The data:
★ ★ ★ ★ ★ ★ ★

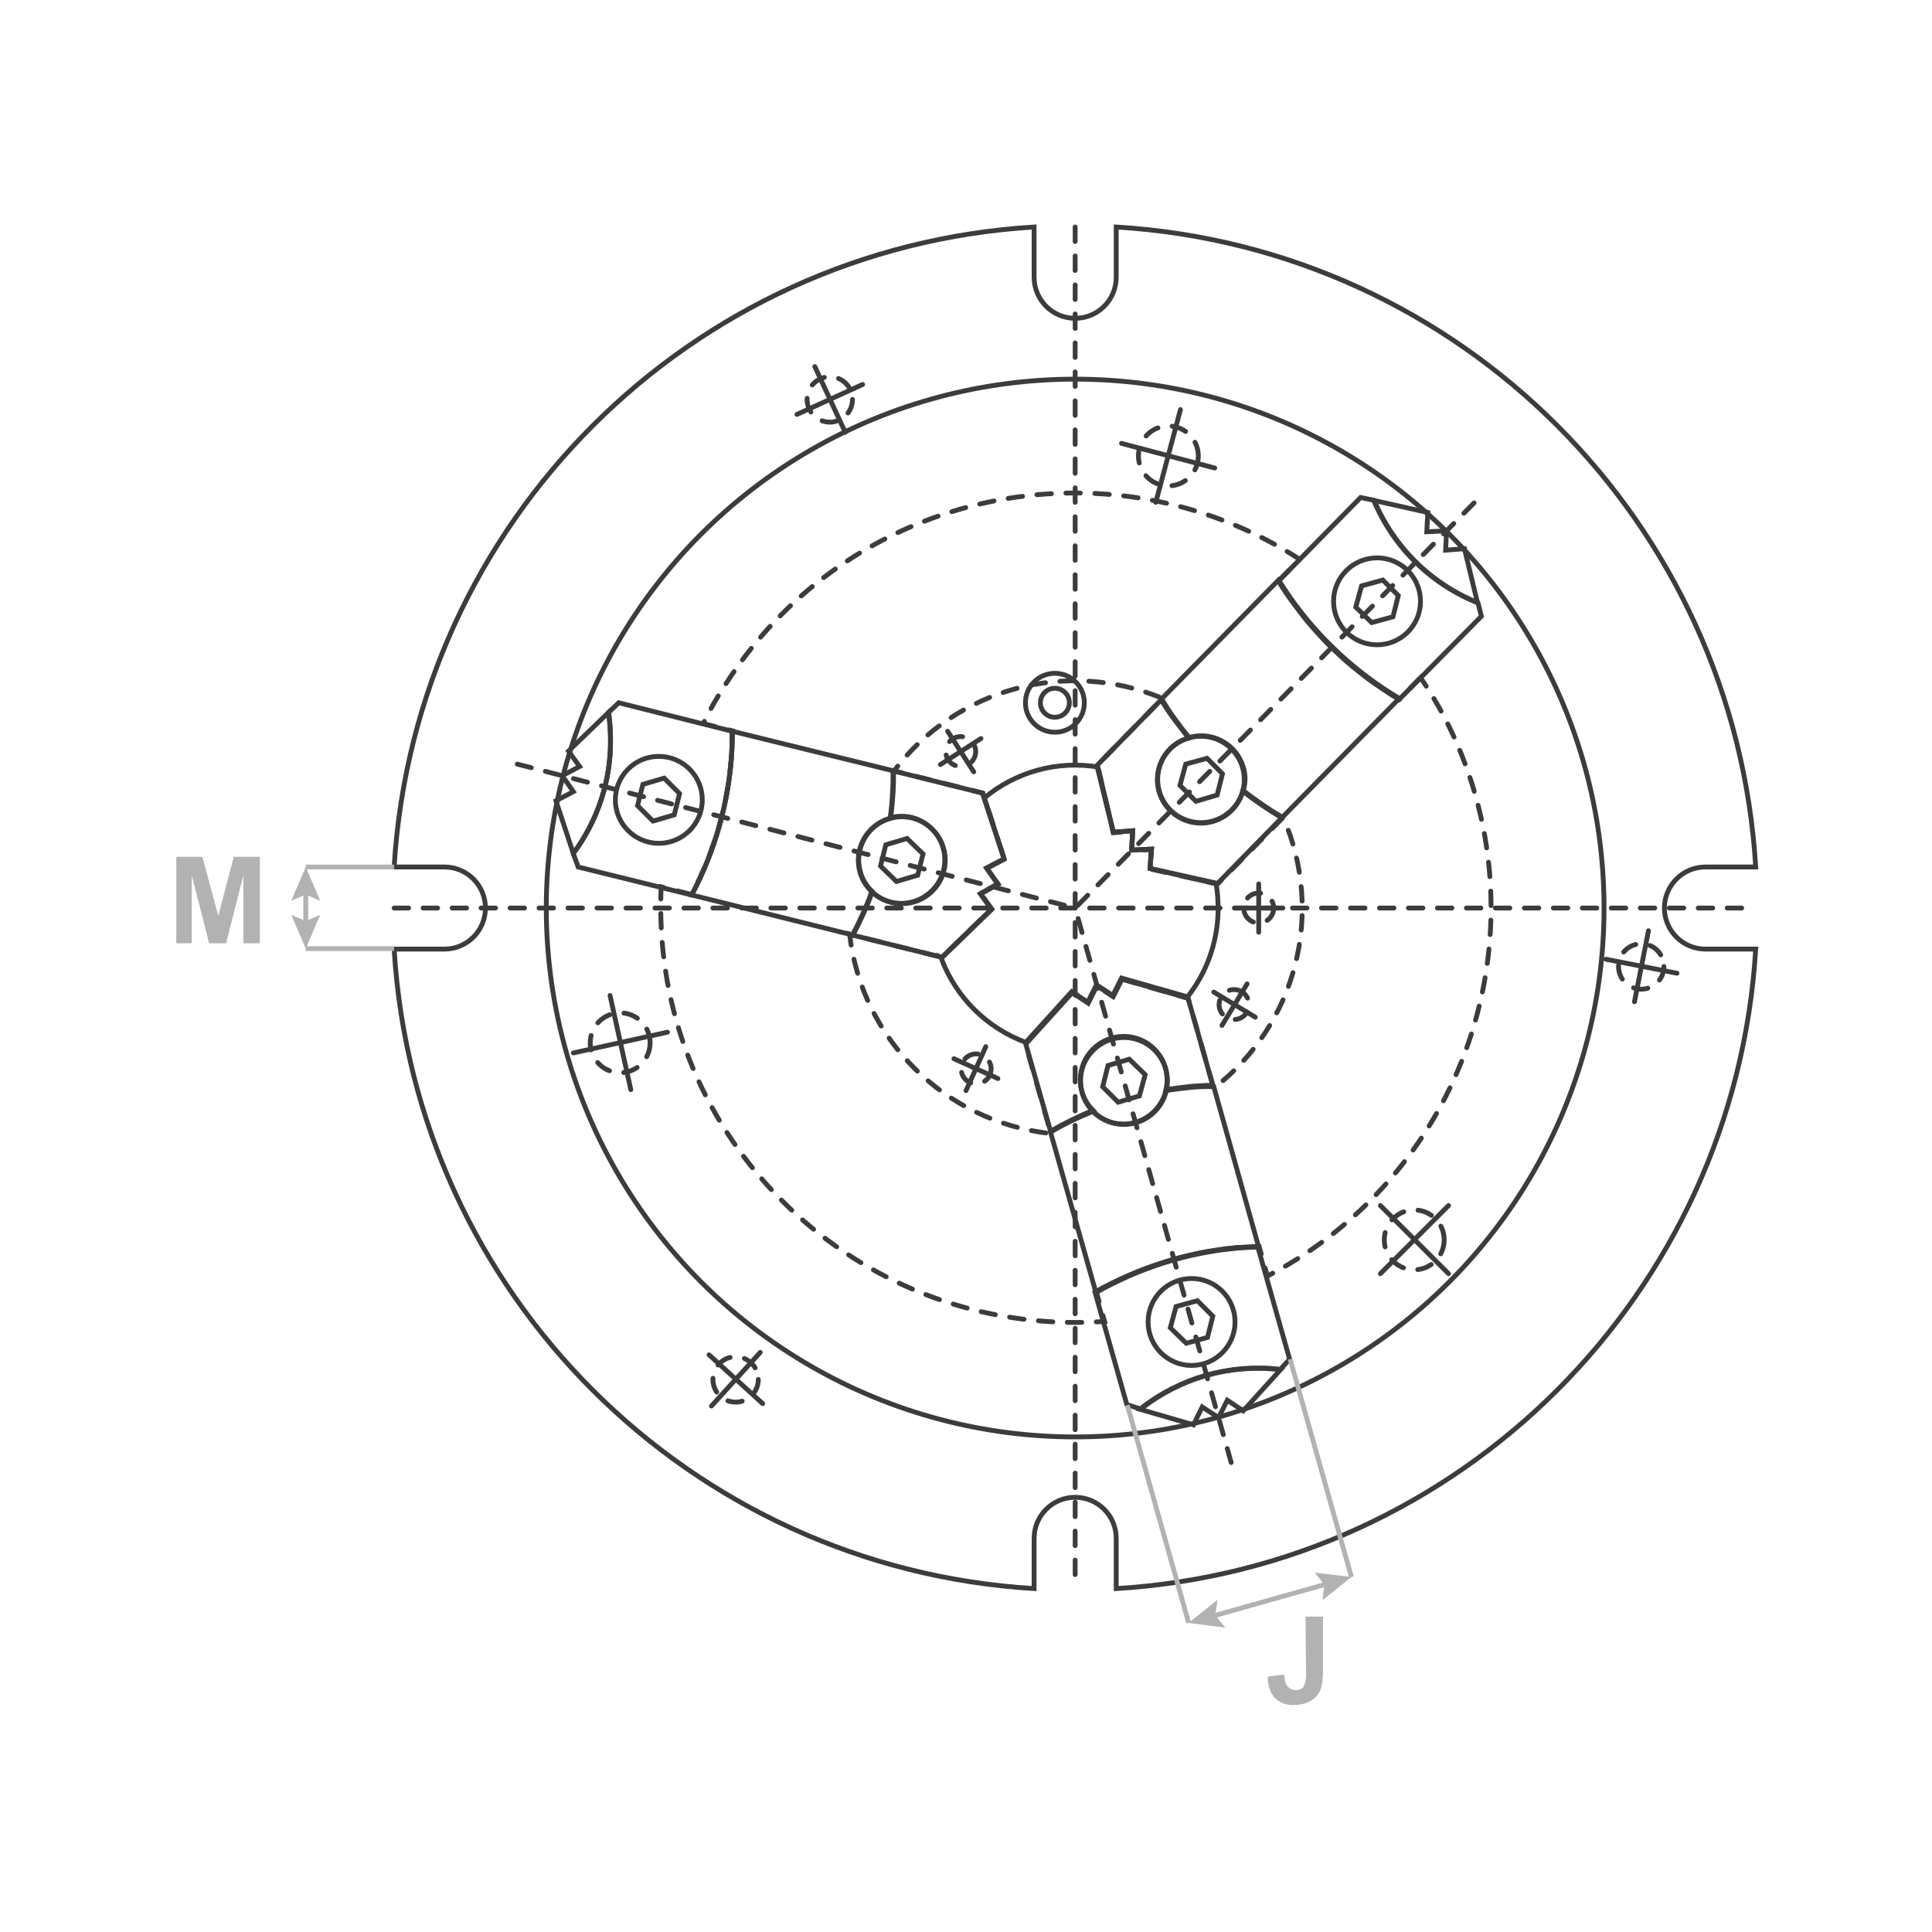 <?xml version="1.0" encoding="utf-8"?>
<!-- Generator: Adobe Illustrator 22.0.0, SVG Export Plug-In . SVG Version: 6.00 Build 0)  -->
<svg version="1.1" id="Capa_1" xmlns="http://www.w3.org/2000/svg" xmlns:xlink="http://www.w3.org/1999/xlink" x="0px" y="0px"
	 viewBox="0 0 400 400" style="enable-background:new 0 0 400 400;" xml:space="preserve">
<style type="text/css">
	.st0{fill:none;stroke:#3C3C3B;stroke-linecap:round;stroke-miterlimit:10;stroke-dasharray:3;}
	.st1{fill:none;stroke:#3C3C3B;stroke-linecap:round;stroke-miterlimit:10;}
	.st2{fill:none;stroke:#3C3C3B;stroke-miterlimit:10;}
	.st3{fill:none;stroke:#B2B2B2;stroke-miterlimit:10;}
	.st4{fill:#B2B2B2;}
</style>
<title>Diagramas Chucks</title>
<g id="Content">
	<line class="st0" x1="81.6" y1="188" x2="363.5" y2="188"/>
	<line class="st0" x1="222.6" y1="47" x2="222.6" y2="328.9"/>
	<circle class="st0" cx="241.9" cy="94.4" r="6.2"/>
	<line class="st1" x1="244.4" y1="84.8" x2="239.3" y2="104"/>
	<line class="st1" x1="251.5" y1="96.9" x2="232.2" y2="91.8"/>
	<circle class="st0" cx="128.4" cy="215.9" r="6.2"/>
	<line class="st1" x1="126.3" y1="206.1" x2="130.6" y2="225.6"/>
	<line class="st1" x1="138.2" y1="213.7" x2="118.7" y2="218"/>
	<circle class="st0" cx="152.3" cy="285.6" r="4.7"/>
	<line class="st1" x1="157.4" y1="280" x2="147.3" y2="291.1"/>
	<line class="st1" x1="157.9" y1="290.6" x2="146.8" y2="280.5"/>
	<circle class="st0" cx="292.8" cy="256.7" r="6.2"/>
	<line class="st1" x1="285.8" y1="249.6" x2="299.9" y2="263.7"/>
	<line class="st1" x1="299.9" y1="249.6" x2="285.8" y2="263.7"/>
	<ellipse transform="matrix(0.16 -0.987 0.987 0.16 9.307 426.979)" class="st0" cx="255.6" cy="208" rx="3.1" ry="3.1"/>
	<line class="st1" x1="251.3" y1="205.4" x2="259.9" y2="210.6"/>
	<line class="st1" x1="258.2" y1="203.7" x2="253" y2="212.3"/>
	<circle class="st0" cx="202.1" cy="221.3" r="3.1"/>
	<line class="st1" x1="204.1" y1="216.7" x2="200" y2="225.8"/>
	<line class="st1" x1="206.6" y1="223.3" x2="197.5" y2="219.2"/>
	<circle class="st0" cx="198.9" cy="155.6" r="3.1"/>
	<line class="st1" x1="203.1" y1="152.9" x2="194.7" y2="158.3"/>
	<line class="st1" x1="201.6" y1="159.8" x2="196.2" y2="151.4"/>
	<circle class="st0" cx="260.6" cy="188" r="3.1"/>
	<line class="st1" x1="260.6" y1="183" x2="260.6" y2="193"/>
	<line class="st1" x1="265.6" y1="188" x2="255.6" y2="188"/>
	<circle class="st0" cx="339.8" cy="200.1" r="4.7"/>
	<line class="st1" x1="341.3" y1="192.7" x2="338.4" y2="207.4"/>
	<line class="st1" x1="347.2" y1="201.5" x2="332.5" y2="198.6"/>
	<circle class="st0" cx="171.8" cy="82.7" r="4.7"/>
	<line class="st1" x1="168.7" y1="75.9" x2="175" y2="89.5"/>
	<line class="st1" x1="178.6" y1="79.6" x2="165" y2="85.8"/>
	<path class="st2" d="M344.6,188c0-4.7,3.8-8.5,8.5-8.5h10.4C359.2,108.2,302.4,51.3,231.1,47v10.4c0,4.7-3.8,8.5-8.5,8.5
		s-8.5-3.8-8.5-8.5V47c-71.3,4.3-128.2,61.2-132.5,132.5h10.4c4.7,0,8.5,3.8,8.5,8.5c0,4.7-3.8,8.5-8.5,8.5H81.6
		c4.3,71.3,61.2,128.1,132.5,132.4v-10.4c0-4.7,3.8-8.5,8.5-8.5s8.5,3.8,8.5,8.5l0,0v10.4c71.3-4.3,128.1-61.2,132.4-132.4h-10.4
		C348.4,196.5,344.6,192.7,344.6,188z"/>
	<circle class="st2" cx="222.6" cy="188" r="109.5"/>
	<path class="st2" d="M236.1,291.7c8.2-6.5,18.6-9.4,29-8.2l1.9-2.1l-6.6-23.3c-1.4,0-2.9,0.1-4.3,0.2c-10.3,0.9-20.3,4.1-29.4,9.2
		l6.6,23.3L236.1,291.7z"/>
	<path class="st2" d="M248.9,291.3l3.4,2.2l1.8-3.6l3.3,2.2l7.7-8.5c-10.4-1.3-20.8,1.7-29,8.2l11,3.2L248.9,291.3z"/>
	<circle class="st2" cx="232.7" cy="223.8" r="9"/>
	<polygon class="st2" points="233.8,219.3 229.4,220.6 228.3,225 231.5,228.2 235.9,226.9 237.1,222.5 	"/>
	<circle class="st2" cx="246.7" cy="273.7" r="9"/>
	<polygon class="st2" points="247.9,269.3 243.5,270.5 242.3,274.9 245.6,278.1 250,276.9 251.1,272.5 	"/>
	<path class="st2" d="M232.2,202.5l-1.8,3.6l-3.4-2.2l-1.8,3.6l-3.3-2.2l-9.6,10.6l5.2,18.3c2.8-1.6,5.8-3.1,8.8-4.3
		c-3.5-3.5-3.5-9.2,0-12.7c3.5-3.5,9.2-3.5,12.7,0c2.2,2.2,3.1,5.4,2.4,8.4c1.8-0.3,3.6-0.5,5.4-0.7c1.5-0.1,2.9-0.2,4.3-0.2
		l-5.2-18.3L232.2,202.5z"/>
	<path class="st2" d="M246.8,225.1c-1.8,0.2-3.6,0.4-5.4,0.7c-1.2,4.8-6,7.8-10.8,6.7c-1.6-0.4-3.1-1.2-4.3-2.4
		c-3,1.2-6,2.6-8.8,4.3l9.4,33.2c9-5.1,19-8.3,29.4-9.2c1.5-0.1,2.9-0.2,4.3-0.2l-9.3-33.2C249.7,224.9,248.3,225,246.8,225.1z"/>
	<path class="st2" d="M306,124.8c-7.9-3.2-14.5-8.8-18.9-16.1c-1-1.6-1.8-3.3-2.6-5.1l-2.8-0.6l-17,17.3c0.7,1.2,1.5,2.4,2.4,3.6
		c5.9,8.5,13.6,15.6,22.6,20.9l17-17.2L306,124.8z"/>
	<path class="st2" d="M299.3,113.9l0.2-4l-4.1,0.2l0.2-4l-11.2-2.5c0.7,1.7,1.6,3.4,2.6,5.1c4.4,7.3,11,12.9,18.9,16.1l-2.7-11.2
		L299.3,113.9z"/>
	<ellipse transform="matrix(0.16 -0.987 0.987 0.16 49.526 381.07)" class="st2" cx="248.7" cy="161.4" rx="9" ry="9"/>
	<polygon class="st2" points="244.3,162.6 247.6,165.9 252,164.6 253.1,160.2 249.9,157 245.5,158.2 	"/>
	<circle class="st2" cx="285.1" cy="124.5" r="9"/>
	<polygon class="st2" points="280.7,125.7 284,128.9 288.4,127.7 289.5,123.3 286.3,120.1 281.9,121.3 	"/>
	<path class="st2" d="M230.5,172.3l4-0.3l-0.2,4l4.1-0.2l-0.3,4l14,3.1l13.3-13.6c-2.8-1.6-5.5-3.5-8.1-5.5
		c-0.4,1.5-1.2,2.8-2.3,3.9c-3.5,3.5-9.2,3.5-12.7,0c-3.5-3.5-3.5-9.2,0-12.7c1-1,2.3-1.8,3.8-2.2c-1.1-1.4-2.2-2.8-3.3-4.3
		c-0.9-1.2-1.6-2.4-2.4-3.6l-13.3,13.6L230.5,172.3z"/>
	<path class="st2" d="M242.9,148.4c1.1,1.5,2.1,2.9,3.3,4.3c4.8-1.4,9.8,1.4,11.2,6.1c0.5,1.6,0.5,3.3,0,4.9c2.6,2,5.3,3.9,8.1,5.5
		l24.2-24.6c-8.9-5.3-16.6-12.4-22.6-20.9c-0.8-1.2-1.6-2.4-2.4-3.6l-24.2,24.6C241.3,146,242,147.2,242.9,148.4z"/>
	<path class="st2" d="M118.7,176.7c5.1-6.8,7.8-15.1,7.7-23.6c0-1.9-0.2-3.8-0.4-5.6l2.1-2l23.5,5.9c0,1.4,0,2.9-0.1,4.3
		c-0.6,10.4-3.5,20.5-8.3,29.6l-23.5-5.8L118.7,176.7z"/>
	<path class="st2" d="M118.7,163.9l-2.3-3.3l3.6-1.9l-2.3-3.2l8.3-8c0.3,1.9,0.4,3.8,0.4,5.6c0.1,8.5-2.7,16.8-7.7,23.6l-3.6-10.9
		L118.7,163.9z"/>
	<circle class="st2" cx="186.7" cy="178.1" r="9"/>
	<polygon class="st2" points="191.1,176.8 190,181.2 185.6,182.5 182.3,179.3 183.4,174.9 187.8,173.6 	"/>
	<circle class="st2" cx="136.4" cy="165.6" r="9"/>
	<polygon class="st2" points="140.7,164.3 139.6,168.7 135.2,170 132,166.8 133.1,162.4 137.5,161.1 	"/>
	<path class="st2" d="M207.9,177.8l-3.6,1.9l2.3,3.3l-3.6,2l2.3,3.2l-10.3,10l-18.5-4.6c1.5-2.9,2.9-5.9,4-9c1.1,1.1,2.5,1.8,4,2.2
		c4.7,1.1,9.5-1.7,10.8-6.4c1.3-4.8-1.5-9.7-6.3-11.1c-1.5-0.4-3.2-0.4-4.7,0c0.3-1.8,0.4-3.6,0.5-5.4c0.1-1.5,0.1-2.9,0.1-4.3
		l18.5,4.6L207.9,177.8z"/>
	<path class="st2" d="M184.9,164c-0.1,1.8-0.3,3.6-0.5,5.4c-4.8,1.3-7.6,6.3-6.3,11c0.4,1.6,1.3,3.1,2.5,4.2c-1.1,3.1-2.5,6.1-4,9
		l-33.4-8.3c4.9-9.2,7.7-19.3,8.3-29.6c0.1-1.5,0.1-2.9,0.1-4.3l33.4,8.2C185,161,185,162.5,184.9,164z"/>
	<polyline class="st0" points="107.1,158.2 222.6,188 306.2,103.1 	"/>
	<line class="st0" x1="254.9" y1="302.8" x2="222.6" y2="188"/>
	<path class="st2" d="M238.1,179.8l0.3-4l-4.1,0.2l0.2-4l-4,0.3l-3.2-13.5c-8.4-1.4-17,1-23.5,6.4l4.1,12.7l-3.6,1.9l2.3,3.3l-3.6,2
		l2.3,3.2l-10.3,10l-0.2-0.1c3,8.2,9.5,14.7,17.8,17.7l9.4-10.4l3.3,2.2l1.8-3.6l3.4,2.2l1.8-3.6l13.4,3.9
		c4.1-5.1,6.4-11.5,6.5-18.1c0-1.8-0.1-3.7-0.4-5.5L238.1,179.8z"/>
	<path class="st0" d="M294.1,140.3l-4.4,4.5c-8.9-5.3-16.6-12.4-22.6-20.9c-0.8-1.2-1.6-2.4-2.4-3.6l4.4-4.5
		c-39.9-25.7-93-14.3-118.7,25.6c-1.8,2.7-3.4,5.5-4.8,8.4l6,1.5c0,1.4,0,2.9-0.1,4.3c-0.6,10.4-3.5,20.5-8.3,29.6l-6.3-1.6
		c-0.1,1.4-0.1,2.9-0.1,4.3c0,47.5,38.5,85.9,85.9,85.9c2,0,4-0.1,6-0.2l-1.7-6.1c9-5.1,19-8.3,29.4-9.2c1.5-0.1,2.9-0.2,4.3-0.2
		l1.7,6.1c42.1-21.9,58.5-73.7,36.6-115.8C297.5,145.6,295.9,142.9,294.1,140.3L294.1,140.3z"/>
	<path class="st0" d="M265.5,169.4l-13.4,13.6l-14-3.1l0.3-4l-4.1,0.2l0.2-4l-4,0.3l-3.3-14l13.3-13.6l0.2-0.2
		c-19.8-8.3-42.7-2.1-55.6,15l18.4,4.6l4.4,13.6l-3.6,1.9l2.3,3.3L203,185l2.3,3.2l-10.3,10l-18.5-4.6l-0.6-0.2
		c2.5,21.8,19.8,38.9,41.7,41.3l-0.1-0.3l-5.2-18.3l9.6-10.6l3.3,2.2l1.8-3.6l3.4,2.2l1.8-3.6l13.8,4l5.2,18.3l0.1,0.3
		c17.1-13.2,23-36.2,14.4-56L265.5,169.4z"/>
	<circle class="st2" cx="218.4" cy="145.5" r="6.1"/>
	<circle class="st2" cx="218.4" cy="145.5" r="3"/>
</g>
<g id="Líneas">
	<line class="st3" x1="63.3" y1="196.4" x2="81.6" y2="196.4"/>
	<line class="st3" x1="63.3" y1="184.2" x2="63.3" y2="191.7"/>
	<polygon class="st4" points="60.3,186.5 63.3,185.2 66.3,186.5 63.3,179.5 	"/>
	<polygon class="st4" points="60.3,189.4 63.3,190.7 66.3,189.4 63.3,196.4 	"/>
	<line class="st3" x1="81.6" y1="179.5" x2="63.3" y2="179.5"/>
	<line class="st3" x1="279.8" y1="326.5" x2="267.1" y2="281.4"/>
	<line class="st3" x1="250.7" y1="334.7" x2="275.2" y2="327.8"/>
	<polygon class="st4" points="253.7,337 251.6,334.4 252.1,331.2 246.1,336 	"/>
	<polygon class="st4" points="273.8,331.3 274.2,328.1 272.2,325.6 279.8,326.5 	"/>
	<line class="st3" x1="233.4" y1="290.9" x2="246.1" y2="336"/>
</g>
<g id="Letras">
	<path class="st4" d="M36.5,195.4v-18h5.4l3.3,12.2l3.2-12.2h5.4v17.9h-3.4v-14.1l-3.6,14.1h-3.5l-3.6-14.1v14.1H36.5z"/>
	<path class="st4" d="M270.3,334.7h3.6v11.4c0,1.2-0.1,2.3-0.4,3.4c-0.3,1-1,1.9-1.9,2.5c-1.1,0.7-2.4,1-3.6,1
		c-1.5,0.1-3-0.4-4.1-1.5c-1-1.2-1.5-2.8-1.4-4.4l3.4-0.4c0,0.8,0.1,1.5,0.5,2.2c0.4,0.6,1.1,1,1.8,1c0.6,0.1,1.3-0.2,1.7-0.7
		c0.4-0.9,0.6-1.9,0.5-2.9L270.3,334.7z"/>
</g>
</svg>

★ ★ ★ ★ ★ ★ ★

Work item:
Which lines of the records contain "ellipse"? Show each of them.

Expected output:
	<ellipse transform="matrix(0.16 -0.987 0.987 0.16 9.307 426.979)" class="st0" cx="255.6" cy="208" rx="3.1" ry="3.1"/>
	<ellipse transform="matrix(0.16 -0.987 0.987 0.16 49.526 381.07)" class="st2" cx="248.7" cy="161.4" rx="9" ry="9"/>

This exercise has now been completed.